Establishment of the liver injury model induced by CCl4 in mice
Animals in the injury group were given an intraperitoneal injection of 20% CCl4 corn oil solution (0.5 µL/g, n=3 for each group). The control group received a subcutaneous injection of corn oil (50 µL). The feeding conditions of the above animals were the same, with free access to food and water.
Detection of liver function indicators
Mice were fasted for 24 h the day before the end of the experiment, and blood samples (100–200 µL) were taken from the orbit after anesthesia to measure 8 liver function indicators: alanine aminotransferase (ALT), aspartate aminotransferase (AST), direct bilirubin (DBIL), total bilirubin (TBIL), albumin (ALB), alkaline phosphatase (ALP), γ-glutamyltransferase (γ-GT), and total bile acid (TBA). Blood samples were collected from mice and centrifuged at 4,000 rpm for 4 min twice to obtain serum. The above 8 liver function indicators were measured. The specific steps were performed according to the instructions of the kit.

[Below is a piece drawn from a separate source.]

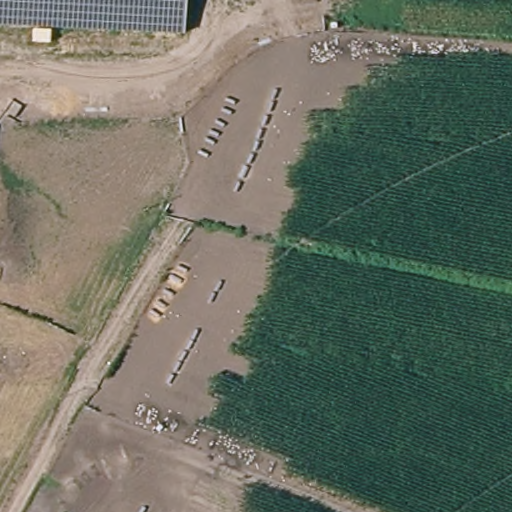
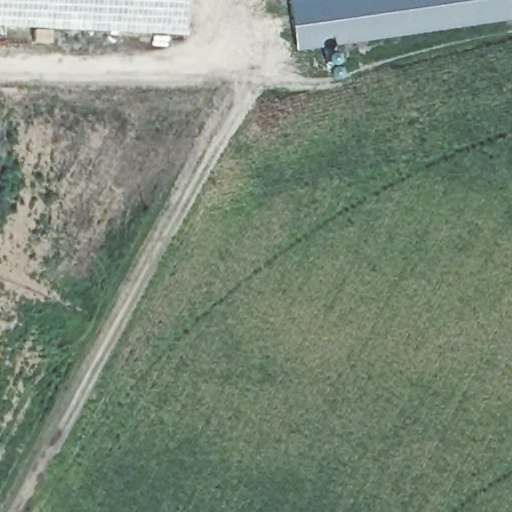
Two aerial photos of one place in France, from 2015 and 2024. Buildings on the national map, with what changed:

ICG injection and NIR fluorescence imaging
ICG was purchased from Dandong Yichuang Pharmaceutical Co., Ltd. (Dandong, China). Doses of 8 and 1 mg/kg free ICG were injected via the tail vein (n=9 in each group). Mice were anesthetized with intraperitoneal injection of 2% sodium pentobarbital, and fluorescence was imaged in vivo using an FLI-10B fluorescence navigation system (Nanjing Nuoyuan Medical Devices Co., Ltd., Nanjing, China) at different time points (1, 2, 4, 8, 12, 24, 48, and 72 h) after injection (Figure S1). Imaging was performed 72 h post-injection to determine the fluorescence in the heart, liver, spleen, lung, kidney, stomach, small intestine, large intestine, and tumor tissue. After imaging ex vivo, frozen and hematoxylin and eosin-stained 4-µm-thick tissue sections of the tumor and liver were evaluated histopathologically.
Statistical analysis
Calculation of TBR
Five points were selected on both the tumor tissue and normal tissue 2 cm from the tumor boundary for the fluorescence images. TBR was calculated as follows: TBR = average fluorescence intensity of tumor/average fluorescence intensity of normal tissue.
Correlation analysis
Since the fluorescence intensity of the tumor was continuously decaying after 1 h, the fluorescence intensity of the tumor and background tissue at 1 h was defined as I0 (I0-t, I0-b). The correlation relationships between I0, half-life, and the 8 liver function indicators were assumed to be linear due to the small sample size. When multiple factors might have had a simultaneous impact on measurements (e.g., multiple liver function indicators), we used multiple linear regression to construct a linear correlation between 2 variables.
Results
In vivo and ex vivo fluorescence imaging
In this study, ICG injection doses were 8 and 1 mg/kg (n=6 in each group). At each dose, 20% CCl4 was intraperitoneally injected to establish the liver injury model, as well as 0% CCl4 in the control group (n=3 in each group). The results are shown in Figure 2.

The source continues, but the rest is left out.